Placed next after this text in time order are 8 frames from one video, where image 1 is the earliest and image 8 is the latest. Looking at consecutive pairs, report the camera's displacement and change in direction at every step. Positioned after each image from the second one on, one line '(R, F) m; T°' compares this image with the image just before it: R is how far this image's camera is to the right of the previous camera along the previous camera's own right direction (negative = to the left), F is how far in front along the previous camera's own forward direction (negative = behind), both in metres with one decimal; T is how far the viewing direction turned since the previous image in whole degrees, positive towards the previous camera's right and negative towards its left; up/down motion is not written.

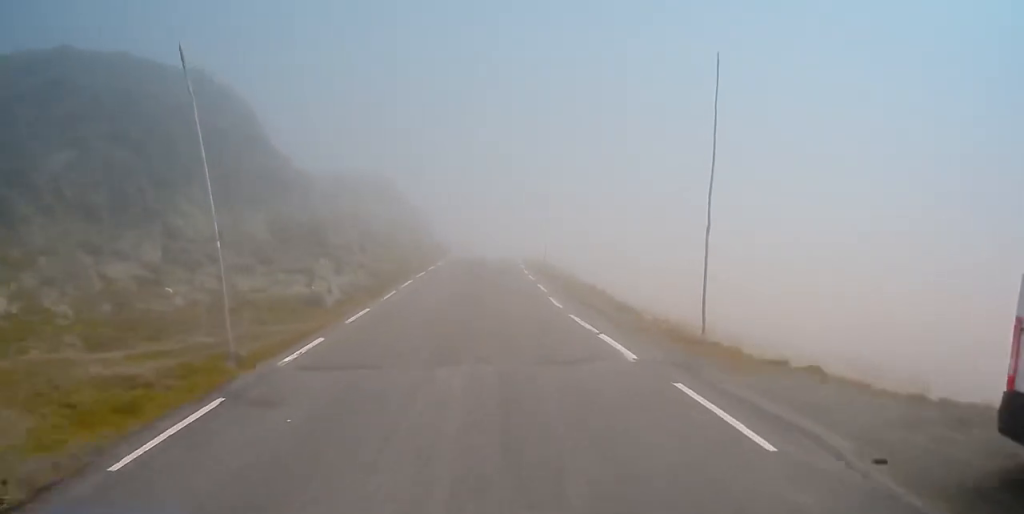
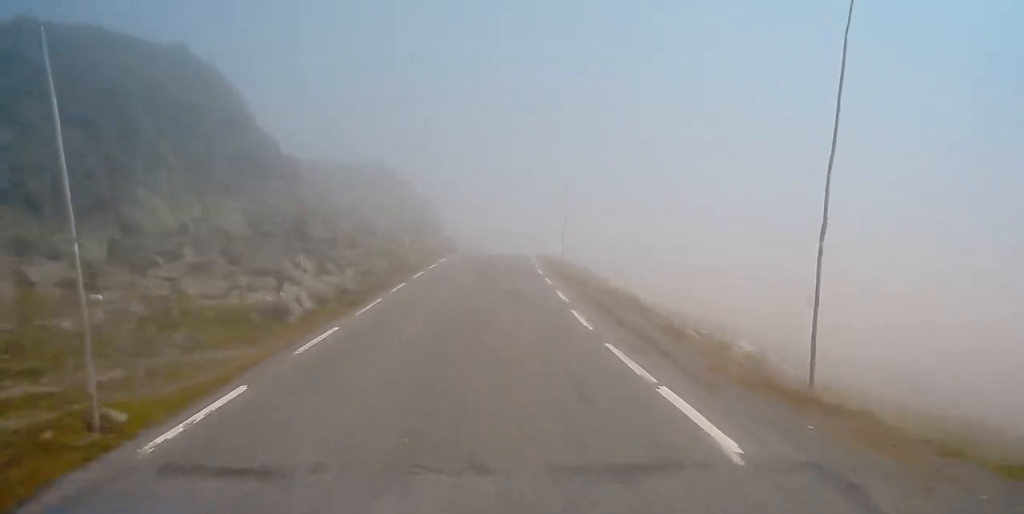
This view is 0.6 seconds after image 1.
(-0.3, +5.8) m; -1°
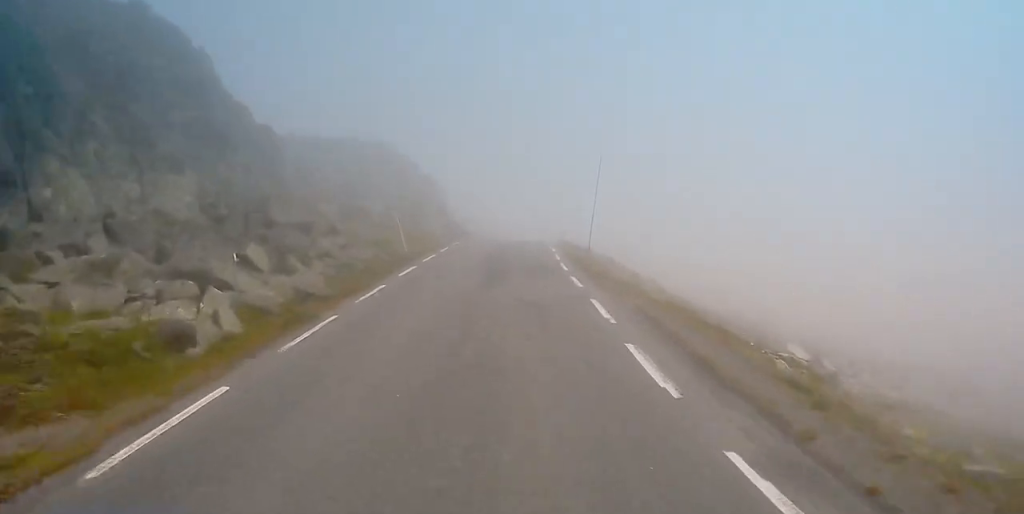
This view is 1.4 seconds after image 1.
(+0.1, +7.9) m; +2°
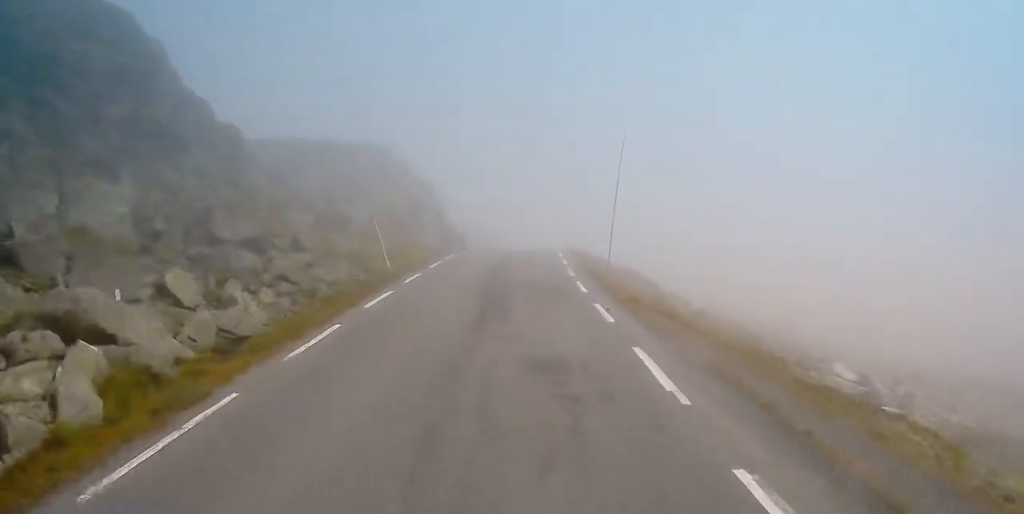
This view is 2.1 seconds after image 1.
(+0.1, +6.3) m; +1°
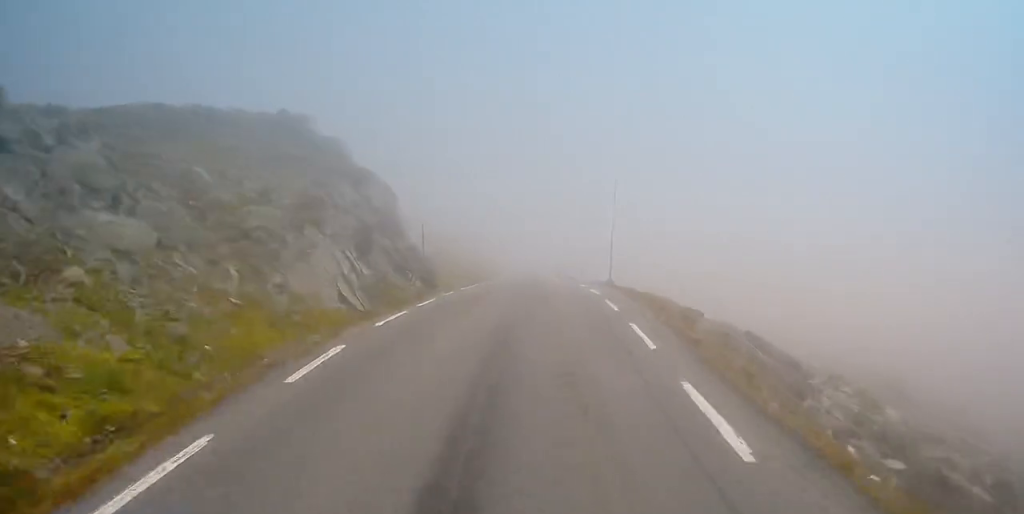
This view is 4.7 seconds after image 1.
(-0.6, +26.2) m; -4°
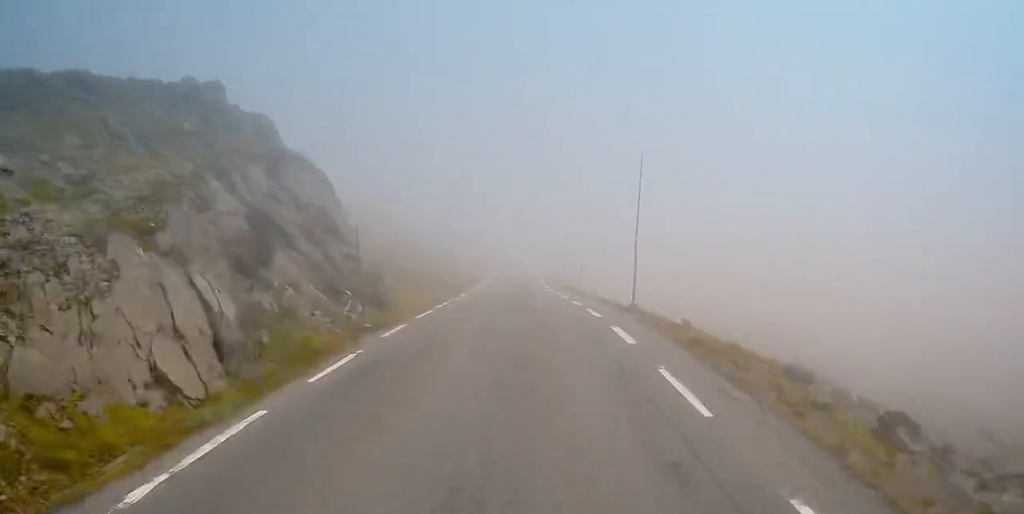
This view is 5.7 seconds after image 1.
(-0.2, +10.9) m; +2°
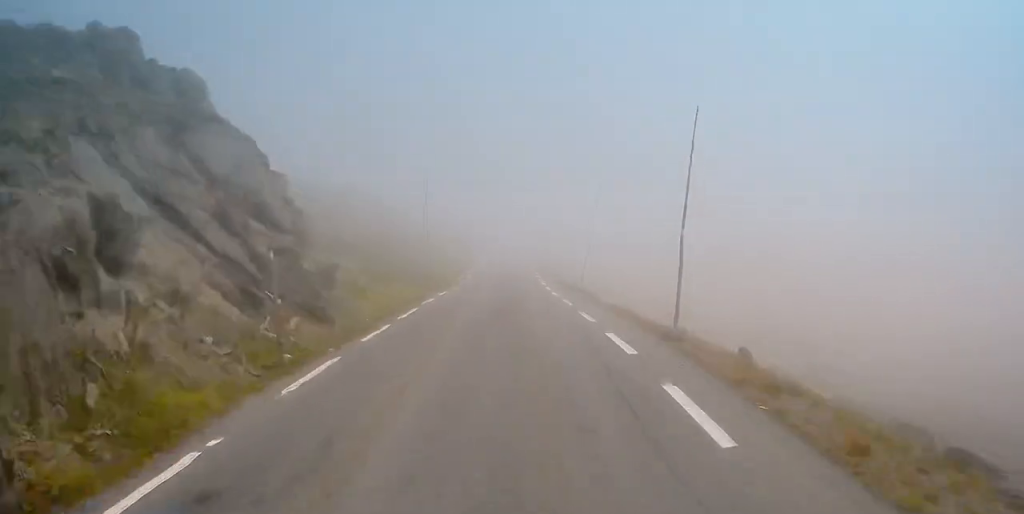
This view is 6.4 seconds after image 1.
(+0.4, +7.6) m; +2°
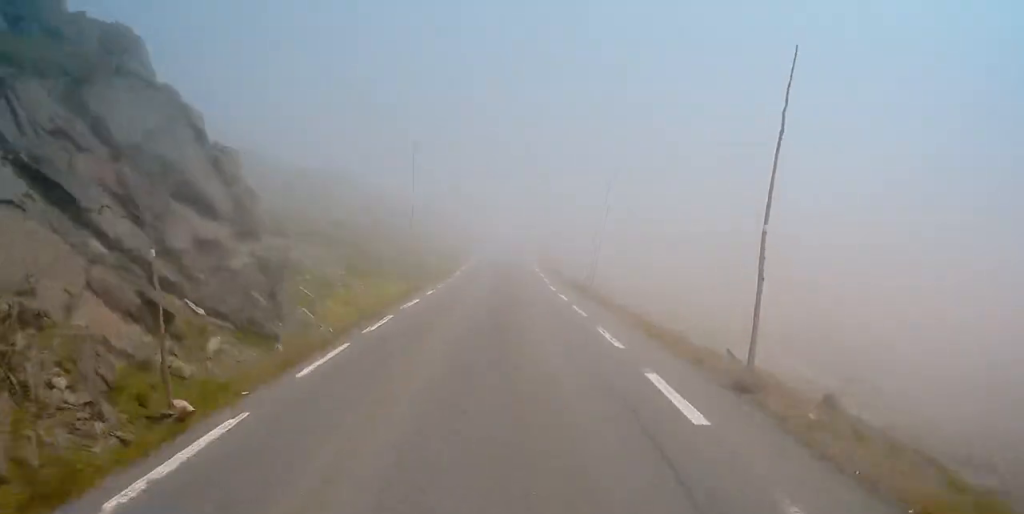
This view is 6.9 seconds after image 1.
(+0.1, +5.3) m; +1°

============================================================

§ Exercise description:
When you retype the data above, match every line exactly and leave the pictures behind.

§ Reply:
Placed next after this text in time order are 8 frames from one video, where image 1 is the earliest and image 8 is the latest. Looking at consecutive pairs, report the camera's displacement and change in direction at every step. Positioned after each image from the second one on, one line '(R, F) m; T°' compares this image with the image just before it: R is how far this image's camera is to the right of the previous camera along the previous camera's own right direction (negative = to the left), F is how far in front along the previous camera's own forward direction (negative = behind), both in metres with one decimal; T is how far the viewing direction turned since the previous image in whole degrees, positive towards the previous camera's right and negative towards its left; up/down motion is not written.

This view is 0.6 seconds after image 1.
(-0.3, +5.8) m; -1°
This view is 1.4 seconds after image 1.
(+0.1, +7.9) m; +2°
This view is 2.1 seconds after image 1.
(+0.1, +6.3) m; +1°
This view is 4.7 seconds after image 1.
(-0.6, +26.2) m; -4°
This view is 5.7 seconds after image 1.
(-0.2, +10.9) m; +2°
This view is 6.4 seconds after image 1.
(+0.4, +7.6) m; +2°
This view is 6.9 seconds after image 1.
(+0.1, +5.3) m; +1°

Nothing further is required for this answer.